# Found a dead broiler - why?



## Chippets (Jun 8, 2013)

Hi I'm new here too - my chicks arrived three weeks ago today. We got 15 broilers, 2 Americaunas, 4 Wyandottes, and a free mystery chick. I lost 3 chicks in the first 3 days. Everything has been going well since then and the broilers are getting huge. They also look like they have diarrhea so I tried washing in the warm water as suggested here. Not very easy, but it helped. My problem is this afternoon I found one of the ones with a nice washed butt dead. Could I have stressed it out? I cleaned out the brooder - a wading pool surrounded by wire fencing - and discovered they haven't been scratching and aerating the shavings very well. Could it have died from bacteria? I feel so bad. This is my first time with chickens. The broilers are in a wading pool and my layers are separate in a horse trough. The layers have no problems and poop looks more normal, but the broilers are more poopy. All the chickens look healthy and are learning to cluck and have a good appetite. I was really surprised to find one dead. Any ideas?


----------



## ReTIRED (Mar 28, 2013)

Although I have not raised any "broilers" ( Cornish-X ), I have read that it is not uncommon for them to drop-dead from Heart-Failure OR Ascites ( _basically _Edema ). They also tend to have leg-problems....as I have read.
_PERHAPS...._someone with experience raising "broilers" can answer your question more effectively.

*GOOD LUCK with the others !
*-ReTIRED-


----------



## WeeLittleChicken (Aug 31, 2012)

It's not that unusual to loose a chick at random every now and then. If it had diarrhea as you said it may have just died of dehydration. Try putting some electrolytes in their water. It helps with keeping their immune systems up when they're dealing with these issues. Otherwise reTIRED is right. If your broilers are Cornish X then it is pretty common for them to have heart issues and the like. Good luck with the rest!


----------



## Chippets (Jun 8, 2013)

Hmmmm. I don't know if they are Cornish. Got the "BBQ Special" from McMurray to try out having some meat birds. They are pretty big already. Three times the size of my smallest Wyandotte. And I'm not letting them feed all day to try to alleviate the leg problems. Can I throw the chicken in the trash or do I have to bury it?


----------



## ReTIRED (Mar 28, 2013)

Chippets said:


> Hmmmm. I don't know if they are Cornish. Got the "BBQ Special" from McMurray to try out having some meat birds. They are pretty big already. Three times the size of my smallest Wyandotte. And I'm not letting them feed all day to try to alleviate the leg problems. Can I throw the chicken in the trash or do I have to bury it?

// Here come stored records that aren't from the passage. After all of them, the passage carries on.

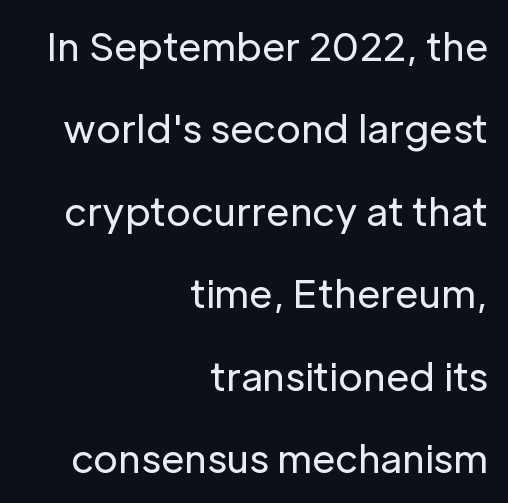
Q: Is the text bold? A: No.
Q: Is the text italic (slanted)? A: No, it is upright.
Q: Is the typeface a serif or a sans-serif typeface? A: Sans-serif.
Q: Is the text underlined? A: No.
Q: How is the paragraph aligned? A: Right-aligned.
Q: Is the spacing between letters normal or unusually wide? A: Normal.
Q: Is the spacing between lines tight, normal or loose? A: Loose.
Q: Width (condensed, normal, or wide)? A: Normal.
Q: Stroke contrast? A: Low.
Q: x-height? A: Medium.
Q: Monospaced? A: No.
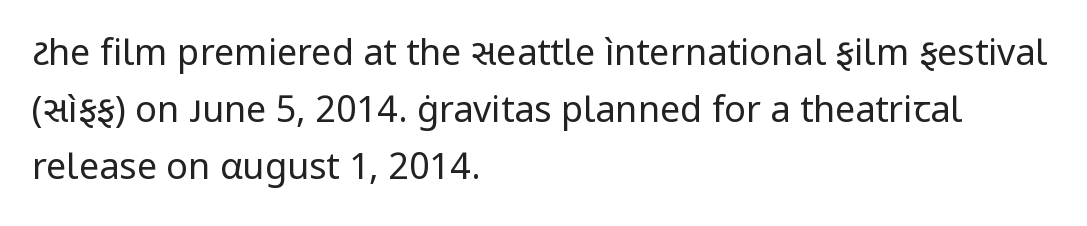
Look at the bottom of the vertical strokes: they stop flat, with no serifs. The passage shown stacks its lines at a standard gap. The compositor pushed each line to the left boundary. Unbolded letterforms with no extra heft. Tracking value appears to be zero — textbook default spacing.
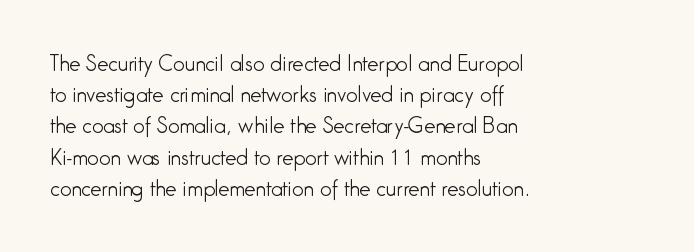
{"italic": "no", "bold": "no", "underline": "no", "align": "left", "line_spacing": "normal", "line_spacing_ratio": 1.56, "letter_spacing": "normal", "letter_spacing_em": 0.0, "glyph_px": 20}
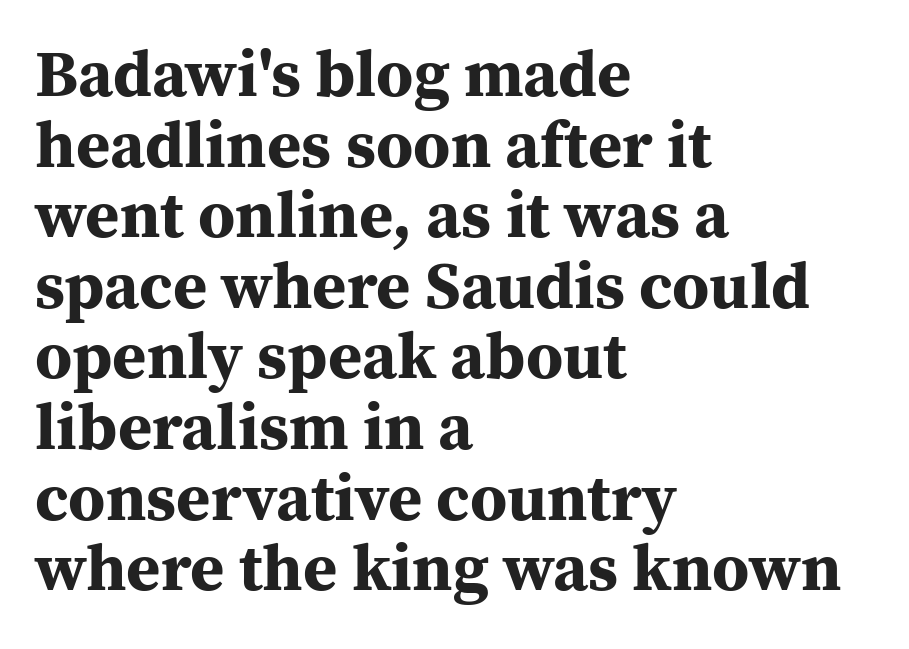
Q: Is the text bold? A: Yes.
Q: Is the text italic (slanted)? A: No, it is upright.
Q: Is the typeface a serif or a sans-serif typeface? A: Serif.
Q: Is the text underlined? A: No.
Q: How is the paragraph aligned? A: Left-aligned.
Q: Is the spacing between letters normal or unusually wide? A: Normal.
Q: Is the spacing between lines tight, normal or loose? A: Tight.
Q: Width (condensed, normal, or wide)? A: Normal.
Q: Stroke contrast? A: Medium.
Q: x-height? A: Medium.
Q: Monospaced? A: No.

From the website of *Murray McMurray Hatchery.......*

Quote: 
Here's a chance to get some fast growing chicks that will make delicious, broad breasted, chicken to be prepared by your favorite method of cooking. Mouth watering flavor, mostly white meat, golden yellow skin, easy to dress white plumage. Our choice of breeds but all of these chicks will be Cornish X Rocks and/or Cornish Roasters. These will make dandy broilers or fryers for the summer family picnic and put some in your home freezer to enjoy them the year round. If you want to let them grow they will make beautiful tender roasting chickens.
-Unquote.

*Did you NOT READ THIS* when you spent your money ?

Jiminy Crickets !
-ReTIRED-


----------



## WeeLittleChicken (Aug 31, 2012)

You can bury it if you want... otherwise disposal is no more difficult than having a dead goldfish. You can trash or flush it or throw it on your next campfire. It such a small animal no one is really going to care, except maybe you.


----------



## aacre (May 5, 2013)

ReTIRED said:


> From the website of *Murray McMurray Hatchery.......*
> 
> Quote:
> Here's a chance to get some fast growing chicks that will make delicious, broad breasted, chicken to be prepared by your favorite method of cooking. Mouth watering flavor, mostly white meat, golden yellow skin, easy to dress white plumage. Our choice of breeds but all of these chicks will be Cornish X Rocks and/or Cornish Roasters. These will make dandy broilers or fryers for the summer family picnic and put some in your home freezer to enjoy them the year round. If you want to let them grow they will make beautiful tender roasting chickens.
> ...


Yup! Some of my first chickens were of the fast growing kind. I started about 3 years ago with chickens. It was disgustingly horrifying at how fast they grew. They also didn't taste as good and would drop dead just because their insides were growing faster than they were. Never again will I ever get fast growers no would I recommend them to anyone. Gross!


----------



## Roslyn (Jun 21, 2012)

Delawares are my favorite for dual purpose. The boys are big and nice sized for eating by 12 to 16 weeks and the girls are very pleasant. In all the males I have had (8 total) I have never had an aggressive Delaware rooster, they are lovers not fighters.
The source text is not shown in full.